The researchers were careful in their conclusions. They noted that alloHCT should be reserved for younger patients whose disease has proven resistant to standard therapies and who have no other options. It is not a first-line treatment. It is a last resort, undertaken only when the disease itself poses a greater threat than the risks of the procedure. "To date, no approved therapy allows patients to remain treatment-free while maintaining sustained disease control and complete disappearance of pathogenic antibodies," they wrote. This procedure, at least in these two cases, achieved exactly that.
The findings suggest a path forward for people with aggressive, untreatable autoimmune diseases. But they also raise questions that only larger studies can answer: Who will benefit most? How can the risks be minimized? And as other immune-reset approaches emerge—some using patients' own cells rather than donor cells—how will this option compare? For now, these two patients represent proof that the immune system, even one as damaged as theirs, can be rebuilt. Whether that proof will translate into a broader treatment option remains to be seen.
Citas Notables
To date, no approved therapy allows patients to remain treatment-free while maintaining sustained disease control and complete disappearance of pathogenic antibodies.— Researchers from IRCCS San Raffaele Scientific Institute
In selected cases, immune system replacement may achieve long-term disease control and possibly a cure, although larger studies are needed to confirm safety and identify appropriate candidates.— Researchers from IRCCS San Raffaele Scientific Institute
La Conversación del Hearth Otra perspectiva de la historia
Why is this different from just giving someone immunosuppressive drugs for the rest of their life?
Because those drugs don't cure anything—they just hold the disease at bay while you take them. The moment you stop, the antibodies come back and the damage resumes. These two patients stopped all medication 15 years ago and stayed well. That's not management. That's remission.
But you said the procedure itself caused serious complications. How is that better?
It's not automatically better. It's a trade-off. One patient now needs antibody infusions because his immune system didn't fully rebuild. The other got cancer. But both would likely be severely disabled or dead without it. The question isn't whether it's risk-free—it isn't. It's whether the risk is worth it when the alternative is progressive paralysis.
Why does wiping out the immune system and rebuilding it work? Doesn't the new one just make the same mistake?

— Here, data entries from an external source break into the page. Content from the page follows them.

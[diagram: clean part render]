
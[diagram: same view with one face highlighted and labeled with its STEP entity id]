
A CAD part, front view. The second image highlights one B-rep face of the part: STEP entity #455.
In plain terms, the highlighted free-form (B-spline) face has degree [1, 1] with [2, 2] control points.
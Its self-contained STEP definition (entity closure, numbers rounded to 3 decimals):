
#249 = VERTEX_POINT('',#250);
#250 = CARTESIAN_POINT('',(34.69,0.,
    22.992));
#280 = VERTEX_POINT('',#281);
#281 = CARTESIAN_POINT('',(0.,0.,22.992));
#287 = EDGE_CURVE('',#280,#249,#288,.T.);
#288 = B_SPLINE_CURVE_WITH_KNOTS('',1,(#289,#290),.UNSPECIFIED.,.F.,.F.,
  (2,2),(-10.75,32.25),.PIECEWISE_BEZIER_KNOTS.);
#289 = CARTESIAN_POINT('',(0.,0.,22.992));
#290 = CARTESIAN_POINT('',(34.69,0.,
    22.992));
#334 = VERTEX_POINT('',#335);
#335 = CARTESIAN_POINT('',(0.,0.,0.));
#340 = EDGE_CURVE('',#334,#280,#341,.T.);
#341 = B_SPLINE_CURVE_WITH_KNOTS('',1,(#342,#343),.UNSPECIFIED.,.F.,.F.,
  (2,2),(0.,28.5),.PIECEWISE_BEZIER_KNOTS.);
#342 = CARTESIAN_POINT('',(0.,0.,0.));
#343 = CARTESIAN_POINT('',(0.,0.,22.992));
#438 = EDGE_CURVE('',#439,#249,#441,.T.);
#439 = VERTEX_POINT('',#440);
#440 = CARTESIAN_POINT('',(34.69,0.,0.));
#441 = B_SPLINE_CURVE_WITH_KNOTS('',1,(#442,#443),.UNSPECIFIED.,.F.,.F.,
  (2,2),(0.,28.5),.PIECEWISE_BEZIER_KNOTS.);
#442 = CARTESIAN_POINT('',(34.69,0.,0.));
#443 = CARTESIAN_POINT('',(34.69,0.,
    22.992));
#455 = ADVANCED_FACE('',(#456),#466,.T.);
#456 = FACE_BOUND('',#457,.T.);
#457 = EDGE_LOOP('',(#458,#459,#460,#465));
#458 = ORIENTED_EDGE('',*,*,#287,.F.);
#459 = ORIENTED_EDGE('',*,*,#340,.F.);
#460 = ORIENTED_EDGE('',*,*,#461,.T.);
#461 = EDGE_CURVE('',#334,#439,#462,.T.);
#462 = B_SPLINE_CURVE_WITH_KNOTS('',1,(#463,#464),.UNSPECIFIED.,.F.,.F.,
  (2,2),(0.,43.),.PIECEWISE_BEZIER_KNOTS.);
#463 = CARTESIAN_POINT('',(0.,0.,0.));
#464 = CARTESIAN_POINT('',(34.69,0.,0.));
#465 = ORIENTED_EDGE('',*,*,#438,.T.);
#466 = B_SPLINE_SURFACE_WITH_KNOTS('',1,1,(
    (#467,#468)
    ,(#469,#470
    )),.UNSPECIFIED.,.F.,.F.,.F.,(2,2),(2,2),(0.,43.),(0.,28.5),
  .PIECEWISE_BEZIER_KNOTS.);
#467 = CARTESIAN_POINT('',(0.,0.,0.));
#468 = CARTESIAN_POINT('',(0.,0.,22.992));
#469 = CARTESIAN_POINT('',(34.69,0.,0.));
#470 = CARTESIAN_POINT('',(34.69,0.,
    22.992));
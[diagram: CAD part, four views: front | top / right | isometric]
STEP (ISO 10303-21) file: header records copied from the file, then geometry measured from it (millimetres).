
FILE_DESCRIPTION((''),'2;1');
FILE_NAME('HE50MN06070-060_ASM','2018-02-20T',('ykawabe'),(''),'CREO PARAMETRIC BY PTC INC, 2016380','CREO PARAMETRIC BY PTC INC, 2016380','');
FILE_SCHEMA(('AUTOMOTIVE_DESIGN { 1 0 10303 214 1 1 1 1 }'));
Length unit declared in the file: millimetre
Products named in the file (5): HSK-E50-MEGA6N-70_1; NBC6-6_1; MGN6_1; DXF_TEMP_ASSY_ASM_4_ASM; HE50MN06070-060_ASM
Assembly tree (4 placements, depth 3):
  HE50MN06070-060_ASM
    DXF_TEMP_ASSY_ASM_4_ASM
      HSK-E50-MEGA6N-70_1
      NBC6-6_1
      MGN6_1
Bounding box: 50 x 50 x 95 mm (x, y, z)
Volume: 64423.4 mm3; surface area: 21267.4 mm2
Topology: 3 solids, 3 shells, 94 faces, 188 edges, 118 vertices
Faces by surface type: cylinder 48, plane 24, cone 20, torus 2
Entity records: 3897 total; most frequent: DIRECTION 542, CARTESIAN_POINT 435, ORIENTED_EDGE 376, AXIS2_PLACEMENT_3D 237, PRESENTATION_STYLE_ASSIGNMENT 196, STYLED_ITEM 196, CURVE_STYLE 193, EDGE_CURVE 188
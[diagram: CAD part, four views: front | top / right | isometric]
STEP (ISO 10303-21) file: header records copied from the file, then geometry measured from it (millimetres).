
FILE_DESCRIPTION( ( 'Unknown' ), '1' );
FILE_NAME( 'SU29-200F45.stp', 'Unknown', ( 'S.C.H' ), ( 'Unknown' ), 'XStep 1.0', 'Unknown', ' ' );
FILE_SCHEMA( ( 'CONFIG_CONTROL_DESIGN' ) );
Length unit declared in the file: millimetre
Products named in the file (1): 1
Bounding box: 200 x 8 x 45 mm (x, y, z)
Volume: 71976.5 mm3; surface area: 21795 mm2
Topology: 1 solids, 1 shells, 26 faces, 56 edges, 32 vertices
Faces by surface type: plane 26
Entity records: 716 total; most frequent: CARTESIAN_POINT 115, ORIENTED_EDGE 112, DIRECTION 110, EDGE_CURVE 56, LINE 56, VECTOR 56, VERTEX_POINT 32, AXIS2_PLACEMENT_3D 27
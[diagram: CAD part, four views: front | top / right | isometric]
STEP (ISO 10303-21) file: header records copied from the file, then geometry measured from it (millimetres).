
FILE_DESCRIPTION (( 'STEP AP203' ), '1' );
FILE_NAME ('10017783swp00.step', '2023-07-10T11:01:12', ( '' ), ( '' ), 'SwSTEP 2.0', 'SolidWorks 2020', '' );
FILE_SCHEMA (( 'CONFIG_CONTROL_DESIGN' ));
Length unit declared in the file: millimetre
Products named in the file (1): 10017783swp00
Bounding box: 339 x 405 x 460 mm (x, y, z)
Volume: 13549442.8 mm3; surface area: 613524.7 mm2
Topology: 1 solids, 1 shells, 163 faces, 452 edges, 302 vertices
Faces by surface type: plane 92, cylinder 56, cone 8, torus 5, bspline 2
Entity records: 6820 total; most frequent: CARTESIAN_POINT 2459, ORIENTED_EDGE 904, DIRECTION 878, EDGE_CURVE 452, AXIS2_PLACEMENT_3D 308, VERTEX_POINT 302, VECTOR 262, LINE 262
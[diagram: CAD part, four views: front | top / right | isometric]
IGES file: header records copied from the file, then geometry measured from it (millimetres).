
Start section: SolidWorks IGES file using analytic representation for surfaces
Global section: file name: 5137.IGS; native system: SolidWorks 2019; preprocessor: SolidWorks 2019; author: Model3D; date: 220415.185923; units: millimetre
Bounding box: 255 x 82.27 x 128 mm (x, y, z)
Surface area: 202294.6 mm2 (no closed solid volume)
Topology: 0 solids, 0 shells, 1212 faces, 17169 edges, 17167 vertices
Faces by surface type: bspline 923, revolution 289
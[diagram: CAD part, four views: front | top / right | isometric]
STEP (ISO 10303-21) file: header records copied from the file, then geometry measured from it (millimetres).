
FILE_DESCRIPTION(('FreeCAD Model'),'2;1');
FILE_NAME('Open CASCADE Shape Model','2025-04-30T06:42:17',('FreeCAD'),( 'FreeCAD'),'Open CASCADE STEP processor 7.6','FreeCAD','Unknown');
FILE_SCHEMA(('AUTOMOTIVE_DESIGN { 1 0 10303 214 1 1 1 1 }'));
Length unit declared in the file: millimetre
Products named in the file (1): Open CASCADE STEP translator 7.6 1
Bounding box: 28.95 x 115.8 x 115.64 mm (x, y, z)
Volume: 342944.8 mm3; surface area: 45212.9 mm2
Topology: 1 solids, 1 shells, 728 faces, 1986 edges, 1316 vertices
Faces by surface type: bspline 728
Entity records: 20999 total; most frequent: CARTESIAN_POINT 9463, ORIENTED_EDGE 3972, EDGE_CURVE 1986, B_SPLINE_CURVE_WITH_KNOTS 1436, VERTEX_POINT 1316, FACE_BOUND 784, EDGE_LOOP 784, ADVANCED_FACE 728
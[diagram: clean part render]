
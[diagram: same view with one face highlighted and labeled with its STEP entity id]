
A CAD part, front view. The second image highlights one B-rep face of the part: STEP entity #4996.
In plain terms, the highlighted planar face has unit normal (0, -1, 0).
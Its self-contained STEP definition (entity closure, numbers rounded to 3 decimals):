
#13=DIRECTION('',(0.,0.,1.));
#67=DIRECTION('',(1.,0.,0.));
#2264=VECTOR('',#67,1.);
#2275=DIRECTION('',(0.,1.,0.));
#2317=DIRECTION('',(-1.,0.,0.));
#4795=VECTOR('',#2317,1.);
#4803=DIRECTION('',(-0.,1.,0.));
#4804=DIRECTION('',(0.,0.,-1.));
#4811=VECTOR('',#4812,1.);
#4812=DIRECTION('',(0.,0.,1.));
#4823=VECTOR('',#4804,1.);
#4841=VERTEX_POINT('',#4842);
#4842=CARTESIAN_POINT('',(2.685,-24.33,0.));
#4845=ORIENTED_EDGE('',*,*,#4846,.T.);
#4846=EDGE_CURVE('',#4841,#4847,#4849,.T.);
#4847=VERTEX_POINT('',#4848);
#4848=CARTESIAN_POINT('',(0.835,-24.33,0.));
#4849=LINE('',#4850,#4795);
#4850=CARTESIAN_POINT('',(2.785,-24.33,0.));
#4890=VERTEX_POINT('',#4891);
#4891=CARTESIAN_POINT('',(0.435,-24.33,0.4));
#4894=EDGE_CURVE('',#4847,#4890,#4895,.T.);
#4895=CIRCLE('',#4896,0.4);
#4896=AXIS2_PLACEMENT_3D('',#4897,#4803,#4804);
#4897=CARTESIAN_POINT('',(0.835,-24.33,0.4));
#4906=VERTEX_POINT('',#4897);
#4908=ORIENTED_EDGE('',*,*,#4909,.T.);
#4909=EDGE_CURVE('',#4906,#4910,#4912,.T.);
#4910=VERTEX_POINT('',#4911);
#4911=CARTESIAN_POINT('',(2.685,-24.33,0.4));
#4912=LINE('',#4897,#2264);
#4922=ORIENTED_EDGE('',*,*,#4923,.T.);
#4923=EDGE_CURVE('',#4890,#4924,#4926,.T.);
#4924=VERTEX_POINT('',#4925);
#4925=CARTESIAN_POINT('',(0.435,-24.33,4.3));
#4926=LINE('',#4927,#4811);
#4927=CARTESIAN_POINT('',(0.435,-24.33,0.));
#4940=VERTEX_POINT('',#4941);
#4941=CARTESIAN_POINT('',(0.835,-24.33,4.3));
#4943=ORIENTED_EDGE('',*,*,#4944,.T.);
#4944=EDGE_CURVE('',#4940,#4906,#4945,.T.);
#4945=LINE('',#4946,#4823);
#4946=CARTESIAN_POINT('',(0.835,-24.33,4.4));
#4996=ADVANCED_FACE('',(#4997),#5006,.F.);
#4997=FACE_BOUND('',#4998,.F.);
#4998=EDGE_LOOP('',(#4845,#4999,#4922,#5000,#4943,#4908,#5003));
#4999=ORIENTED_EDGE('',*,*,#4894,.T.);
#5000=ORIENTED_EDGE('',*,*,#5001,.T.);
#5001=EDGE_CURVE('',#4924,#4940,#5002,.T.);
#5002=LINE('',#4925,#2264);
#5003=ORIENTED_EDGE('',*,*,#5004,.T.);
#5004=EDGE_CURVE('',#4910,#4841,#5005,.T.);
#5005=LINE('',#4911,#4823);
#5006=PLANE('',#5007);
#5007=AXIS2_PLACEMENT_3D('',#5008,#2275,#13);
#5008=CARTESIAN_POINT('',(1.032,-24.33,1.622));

That's the mystery at the heart of it. The new immune system comes from a donor, so it has no memory of attacking the patient's own cells. It's like giving someone a completely different immune system—one that never learned to hate them. But we don't fully understand why that reprogramming sticks, or why it works in some people and not others.
These are just two people. Can you really draw conclusions from that?
No, not broad ones. But 15 and 16 years of follow-up is extraordinarily long for a procedure this drastic. Most studies of transplants measure success in months or a few years. The fact that both patients are still well more than a decade later tells you something real happened—not just temporary improvement.
What happens to the next person who tries this?
That's what the researchers are asking. They're saying this should only be tried in younger patients whose disease has already beaten every other treatment. It's not for people who haven't tried standard drugs yet. And they need bigger studies to figure out who will actually benefit and how to reduce the complications.